There was no effort by the defendant, Ray, to comply with sec. 68, Title 46, O.S. 1941. Section 67 of the same title provides that mortgaged personal property may be taken on execution issued at suit of creditor of mortgagor. However, section 68 provides that before mortgaged property can be so taken, the creditor must tender, pay or deposit with the clerk a sufficient sum to pay the indebtedness secured by the first mortgage.
Section 61, Title 46, O.S. 1941, provides that a mortgage shall cease to be valid as against creditors of mortgagor after the expiration of three years from date of filing, unless an affidavit be filed showing interest of mortgagee in the property and the amount still due and unpaid.
The defendant claims that before purchasing the mortgaged property, he searched the mortgage récords for more than two years previous to that date and found no mortgage against the pipe, and had no actual knowledge of plaintiffs’ mortgage, suit pending or judgment in favor of plaintiffs rendered April 21, 1944. Our lis pendens statute, being sec. 180, Title 12, O.S. 1941, is as follows:
“When the petition has been filed, the action is pending, so as to charge third persons with notice of its pen-dency, and while pending no interest can be acquired by third persons in the subject matter thereof as against the plaintiff’s title; but such notice shall be of no avail unless the summons be served or the first publication made within sixty days after the filing of the petition. (R. L. 1910, §4732.)”
This court has held that our lis pendens statute, above quoted, is applicable to personal as well as real property.

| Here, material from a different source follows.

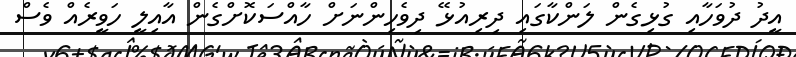
އީދު ދުވަހާއި ގުޅިގެން ލަންކާގައި ދިރިއުޅޭ ދިވެހިންނަށް ހާއްސަކޮށްގެން އާއިލީ ހަވީރެއް ވެސް

In Smith v. Curreathers Mercantile Co., 76 Okla. 170, 184 P. 102, it was said, in the third syllabus:
“(1) The failure to refile a copy of the chattel mortgage was not fatal to the instrument, nor did it affect its validity as between the parties or those with actual notice thereof; (2) That Section 4732, Rev. Laws, 1910, applies to personal property; (3) that when the petition was filed it protected the plaintiff to the extent of preventing the acquisition of any interest by third persons in the subject-matter thereof, as against the plaintiff’s title; (4) that the plaintiff’s title was sufficient to entitle him to the benefit of the statute.”

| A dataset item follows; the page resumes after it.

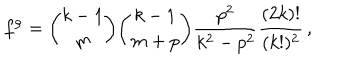
LaTeX: f ^ { \rho } = { \binom { k - 1 } { m } } { \binom { k - 1 } { m + p } } { \frac { p ^ { 2 } } { k ^ { 2 } - p ^ { 2 } } } { \frac { ( 2 k ) ! } { ( k ! ) ^ { 2 } } } \, ,

It was further said in the body of that opinion:
“In this action which involves the foreclosure of a lien and the possession of specific personal property, filing the petition protected the plaintiff to the extent of preventing the acquisition of any interest by third persons in the subject-matter thereof, as against the plaintiff’s title. Marshall v. Shepard, 23 Kan. 321. That the plaintiff’s title was sufficient to entitle him to invoke this section of the statute, see Holland v. Cofield, 27 Okla. 469, 112 P. 1032, where it was held that the word ‘title’,*586 as used in the statute, must be construed ‘in its broadest meaning and most comprehensive signification.’ ”

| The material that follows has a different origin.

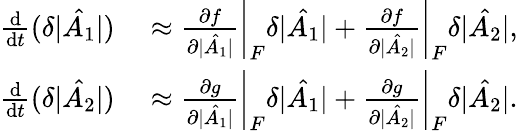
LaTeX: \begin{array}{rl}{\frac{\mathrm{d}}{\mathrm{d}t}(\delta|\hat{A_{1}}|)}&{{}\approx\left.\frac{\partial f}{\partial|\hat{A_{1}}|}\right|_{F}\delta|\hat{A_{1}}|+\left.\frac{\partial f}{\partial|\hat{A_{2}}|}\right|_{F}\delta|\hat{A_{2}}|,}\\ {\frac{\mathrm{d}}{\mathrm{d}t}(\delta|\hat{A_{2}}|)}&{{}\approx\left.\frac{\partial g}{\partial|\hat{A_{1}}|}\right|_{F}\delta|\hat{A_{1}}|+\left.\frac{\partial g}{\partial|\hat{A_{2}}|}\right|_{F}\delta|\hat{A_{2}}|.}\end{array}

We concur in defendant’s contention that when a chattel mortgage is foreclosed and judgment rendered, the mortgage is merged in the foreclosure judgment and loses its vitality; but we do not concur in the view that when plaintiffs reduced their mortgage obligation to judgment by foreclosure, they thereby lost all rights formerly held by reason of their mortgage. It cannot be said that one holding a first mortgage on personal property is in danger of losing his prior claim by reducing that claim to judgment. The merger of the first mortgage and the foreclosure judgment did not extinguish the plaintiffs’ prior right to subject the personal property covered by the mortgage to the satisfaction of the debt originally evidenced and secured by the first mortgage. The defendant wholly failed to comply with the statute above quoted requiring tender, payment or deposit of a sum sufficient to satisfy the first mortgage when he had execution levied upon the personal property foreclosed against by the holder of the first mortgage. The defendant was chargeable with notice of plaintiffs’ claim under our lis pen-dens statute above mentioned, and could not acquire an interest in the personal property involved in the foreclosure proceeding without first complying with the statute requiring that the sum due under the first mortgage should be tendered, paid or deposited with the clerk.
Under the evidence the defendant converted the casing, so instead of leaving it to the jury to determine whether or not the defendant was liable for the conversion, the trial judge should have instructed the jury to return a verdict for the plaintiffs and to fix the amount of plaintiffs’ recovery. There was evidence in the record that the converted property had value, and it was the jury’s function to ascertain such value under proper instructions. The defendant himself testified that the pipe was worth at least $200.
The judgment of the trial court is reversed, with directions to grant a new trial.